Words more positive in PC1 are often gene names, parts of gene names, or acronyms, and names of specific biological entities or processes. In contrast, words more negative in PC1 tend to be more general and more widely used. PC2 separates the technical (clusters 2 and 7, top) from the biological (clusters 1, 4 to 6) (Figure 6.14). As expected, “cancer”, “tumor”, and “disease” are not far from each other (bottom left), and “malignant” and “invasive” are close (bottom center). PC1 explains more variance than all other PCs; though it’s only 5.5%, it picked up a very important dimension in word meanings in this corpus. PCs are arranged in decreasing order of variance explained.

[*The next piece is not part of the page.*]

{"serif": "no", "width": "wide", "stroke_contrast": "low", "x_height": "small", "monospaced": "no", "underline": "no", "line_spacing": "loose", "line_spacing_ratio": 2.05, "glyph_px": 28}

Note that when the PCA plot is made on different computers, the signs of PCs might flip, because the sign does not affect the magnitude of the eigenvalue (i.e. variance explained). PCs are eigenvectors of the covariance matrix of the GloVe dimensions; an eigenvector multiplied by a scalar is still an eigenvector with the same eigenvalue.
Projection of word embeddings into the 3rd and 4th PCs.

Figure 6.15: Projection of word embeddings into the 3rd and 4th PCs.

PC3 separates processes and interactions (cluster 6, left) from entities of samples, tissues, organs, and diseases (clusters 3, 4, 7, right). PC4 separates the molecular and cellular (bottom left) and the quantitative (clusters 1 and 3, bottom right) from the qualitative (top). Some of the qualitative terms are used to discuss implications of results of the papers (clusters 2 and 6, top left) (Figure 6.15).

Now we have seen some important axes of meanings and types of words, which are not surprising given familiarity with the general structure of abstracts and applications of LCM. There must be more axes of meaning, as the first 4 PCs only explain about 12% of the total variance of word embeddings (Figure 6.13). The clusters of words can be better visualized with UMAP, which is a non-linear dimension reduction method that tries to preserve distances between points but is most commonly used to project into 2 dimensions.

UMAP projection of word embeddings. Zoom in if reading the PDF version of this book.

Figure 6.16: UMAP projection of word embeddings. Zoom in if reading the PDF version of this book.

The clusters of words are easier to discern with Uniform Manifold Approximation and Projection (UMAP) (Figure 6.16). Cluster 1 is words used to describe results of studies, with many quantitative words; “p”, “0.05”, and “0.01” are found in this cluster rather than cluster 3 because p-values are results of data analyses and 0.05 and 0.01 are common thresholds of significance. Cluster 2 has many words discussing results, about data analysis and implications of results, with many clinical terms. Cluster 1 seems to be molecular and cellular processes and entities. Cluster 3 has many numbers, units, and some biological words. Cluster 4 has many words specifically about cancer. Cluster 5 is words in experimental techniques. Cluster 5 is biological terms. Cluster 6 is also biological, but with more emphasis on processes and interactions. Cluster 7 is technical. These clusters of words give some idea about topics of the studies, but unlike stm, these clusters also give a glimpse into different parts of the abstract, such as summary of the results and implications of the results.